** Opening WORKING DATA block **

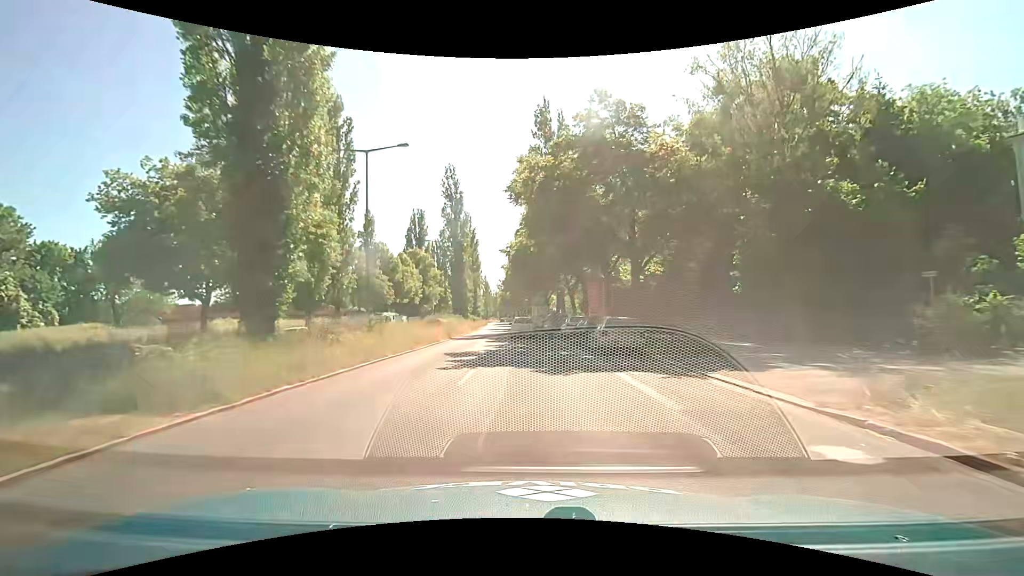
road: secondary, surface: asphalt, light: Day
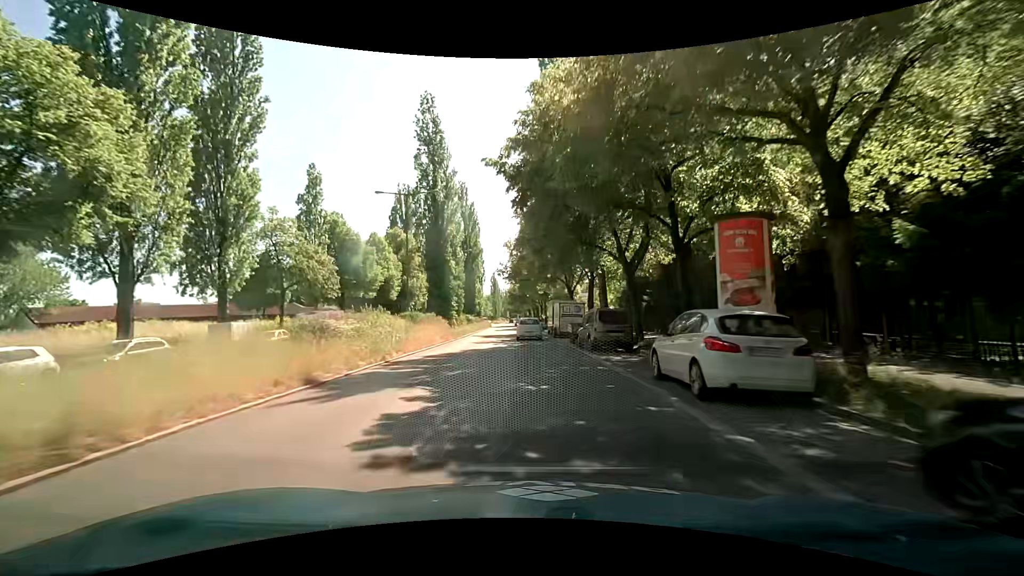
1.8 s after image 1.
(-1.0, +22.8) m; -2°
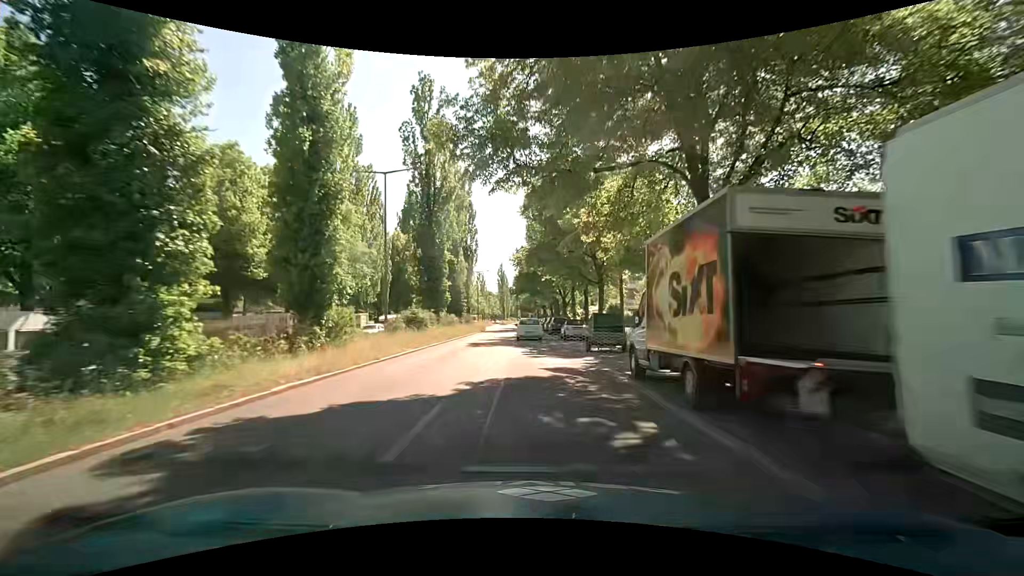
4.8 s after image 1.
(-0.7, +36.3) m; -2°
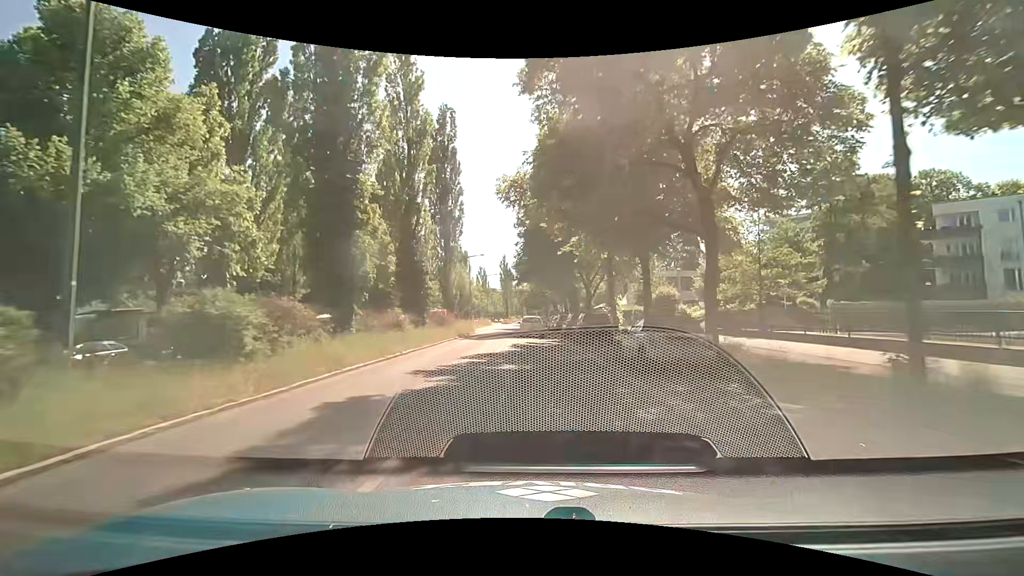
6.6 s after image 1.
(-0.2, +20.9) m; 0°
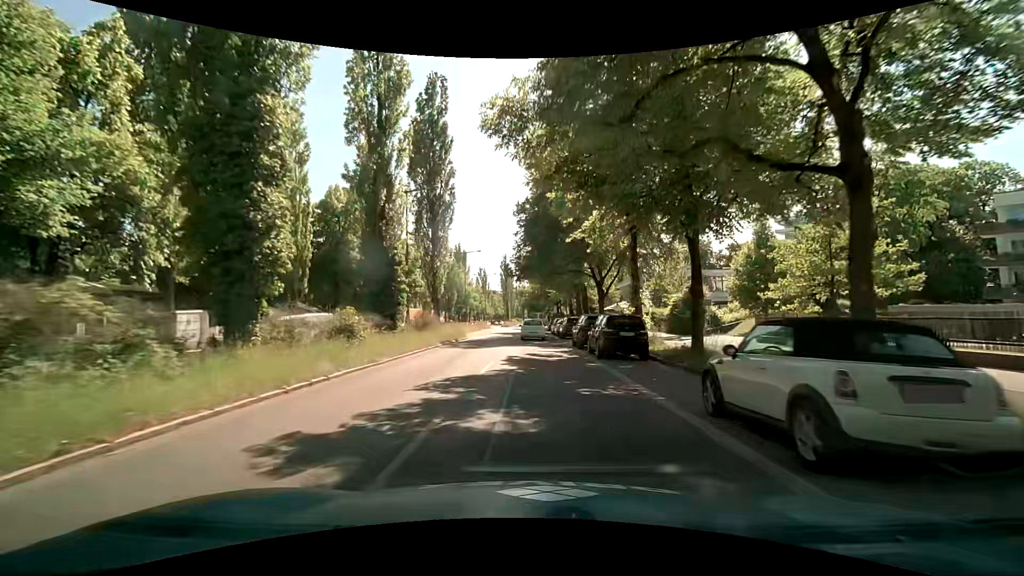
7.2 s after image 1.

** Closing WORKING DATA block **

REQUIRED ACTION - Give back the data exactly, with no images.

SOLVED PROBLEM -
road: secondary, surface: asphalt, light: Day
1.8 s after image 1.
(-1.0, +22.8) m; -2°
4.8 s after image 1.
(-0.7, +36.3) m; -2°
6.6 s after image 1.
(-0.2, +20.9) m; 0°
7.2 s after image 1.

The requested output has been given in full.